■ **Work request**
Give a verbatim copy of the data, leaving the pictures out.

(Records from a collection)
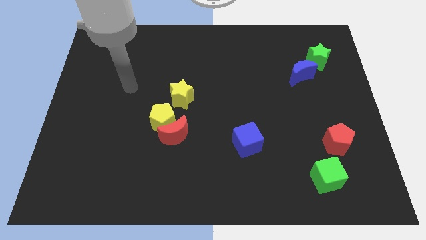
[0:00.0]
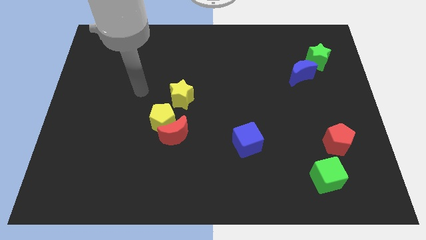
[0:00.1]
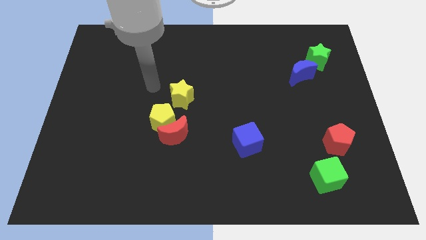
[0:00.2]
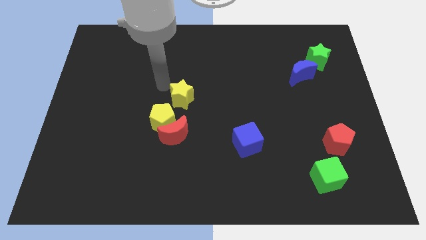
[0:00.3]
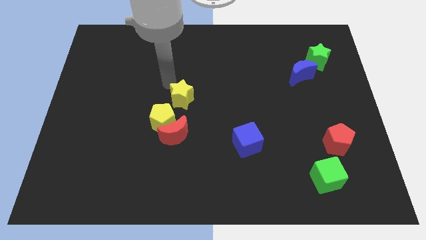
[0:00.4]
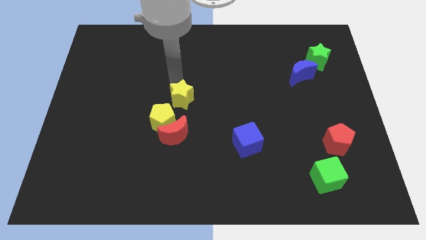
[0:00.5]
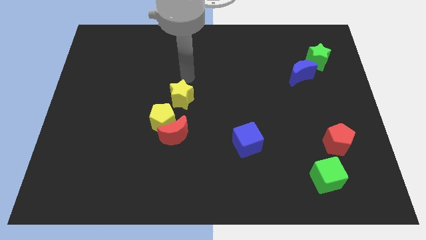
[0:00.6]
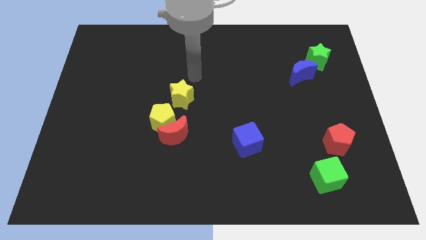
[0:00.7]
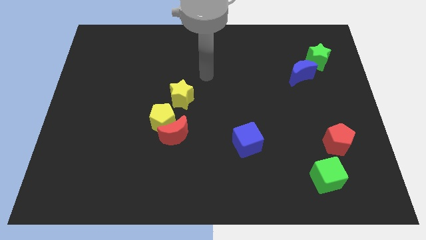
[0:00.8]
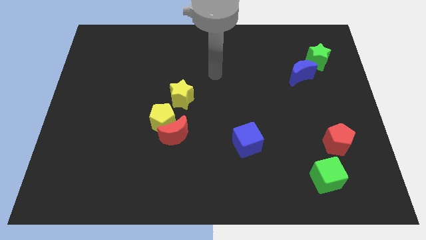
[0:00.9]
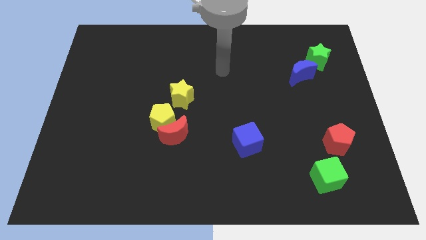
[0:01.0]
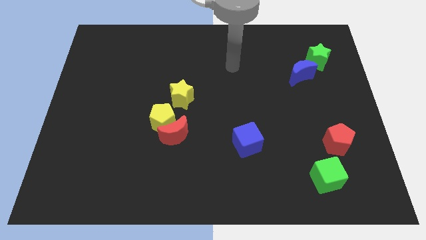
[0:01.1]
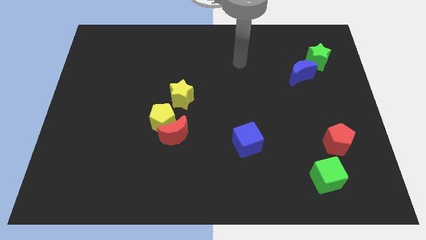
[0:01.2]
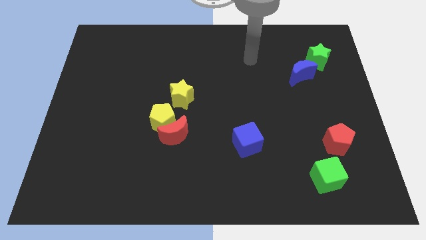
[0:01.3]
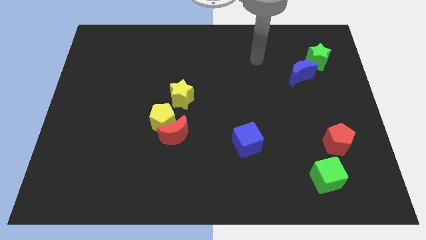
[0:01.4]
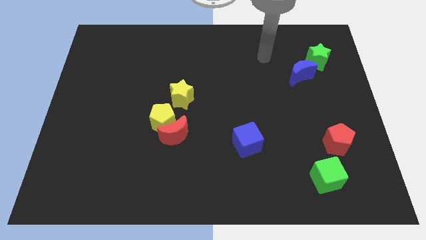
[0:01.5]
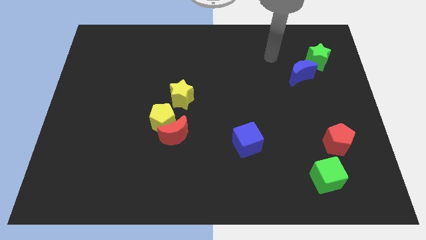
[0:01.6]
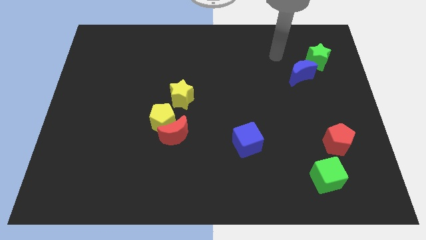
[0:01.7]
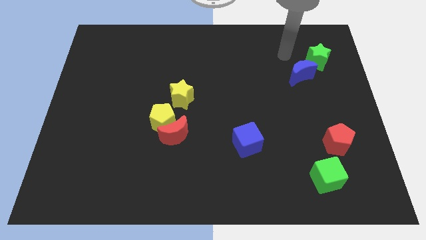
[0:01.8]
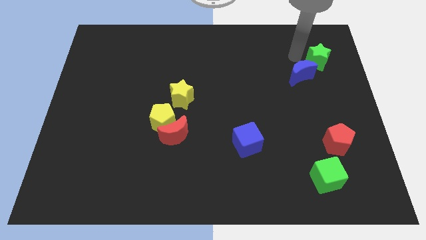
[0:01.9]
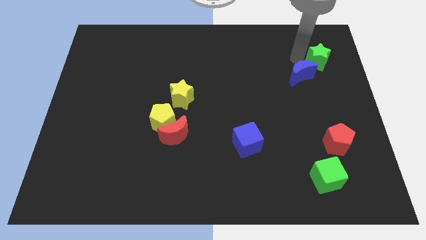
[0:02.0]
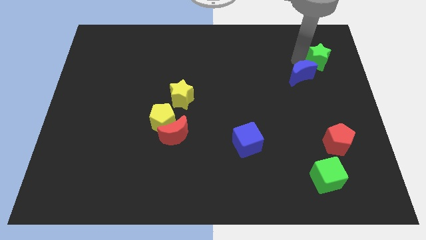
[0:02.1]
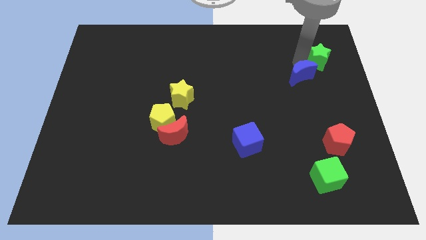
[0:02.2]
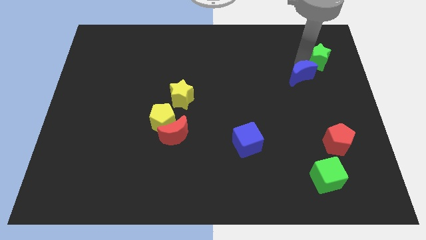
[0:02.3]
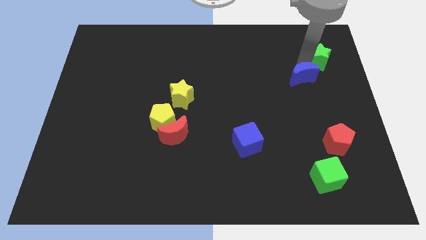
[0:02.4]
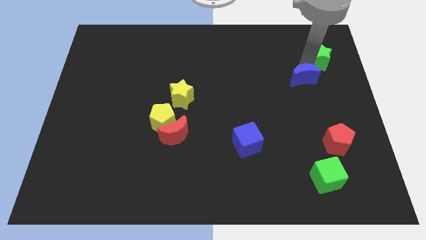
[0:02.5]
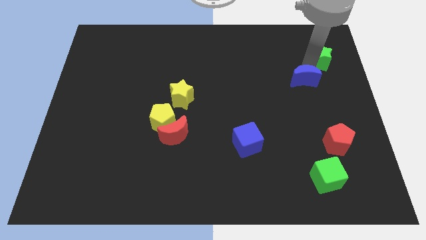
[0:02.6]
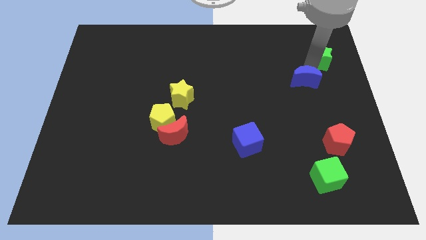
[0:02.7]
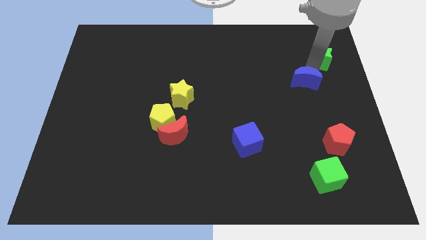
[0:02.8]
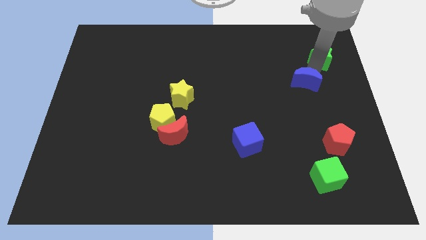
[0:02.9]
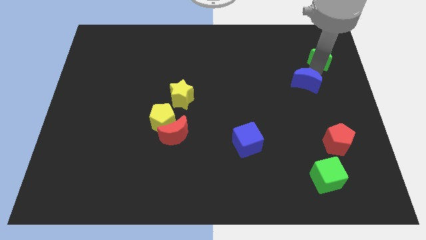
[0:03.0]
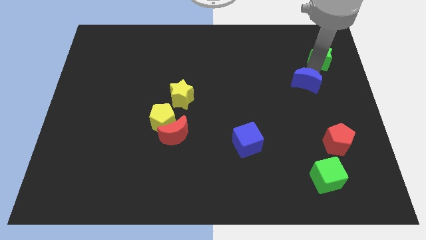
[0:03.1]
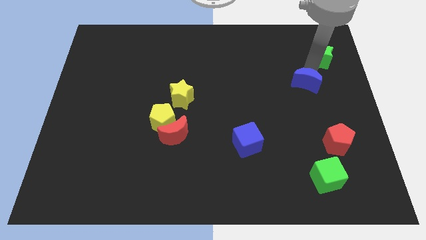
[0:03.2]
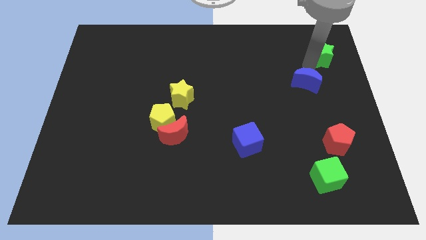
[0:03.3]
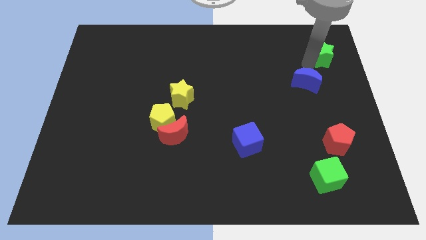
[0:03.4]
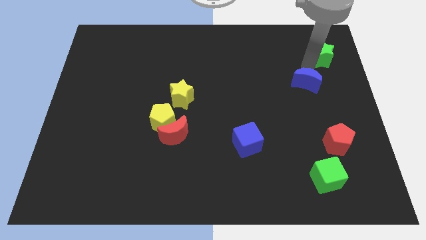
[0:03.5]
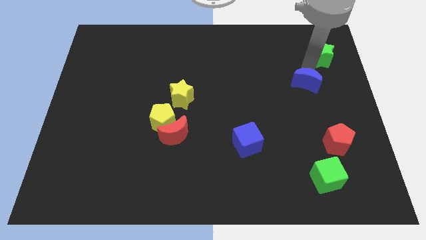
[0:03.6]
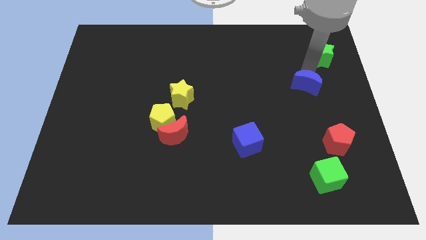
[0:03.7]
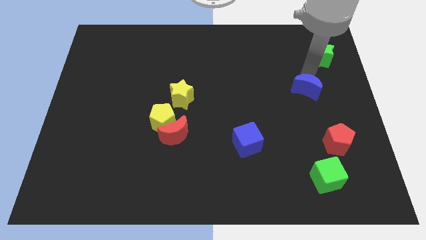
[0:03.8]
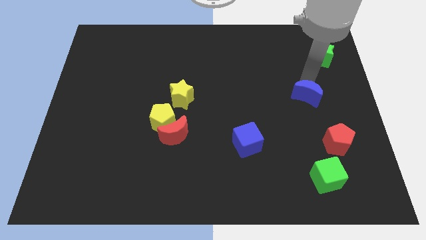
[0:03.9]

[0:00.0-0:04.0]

■ **Final answer**
[0:00.0]
[0:00.1]
[0:00.2]
[0:00.3]
[0:00.4]
[0:00.5]
[0:00.6]
[0:00.7]
[0:00.8]
[0:00.9]
[0:01.0]
[0:01.1]
[0:01.2]
[0:01.3]
[0:01.4]
[0:01.5]
[0:01.6]
[0:01.7]
[0:01.8]
[0:01.9]
[0:02.0]
[0:02.1]
[0:02.2]
[0:02.3]
[0:02.4]
[0:02.5]
[0:02.6]
[0:02.7]
[0:02.8]
[0:02.9]
[0:03.0]
[0:03.1]
[0:03.2]
[0:03.3]
[0:03.4]
[0:03.5]
[0:03.6]
[0:03.7]
[0:03.8]
[0:03.9]

[0:00.0-0:04.0]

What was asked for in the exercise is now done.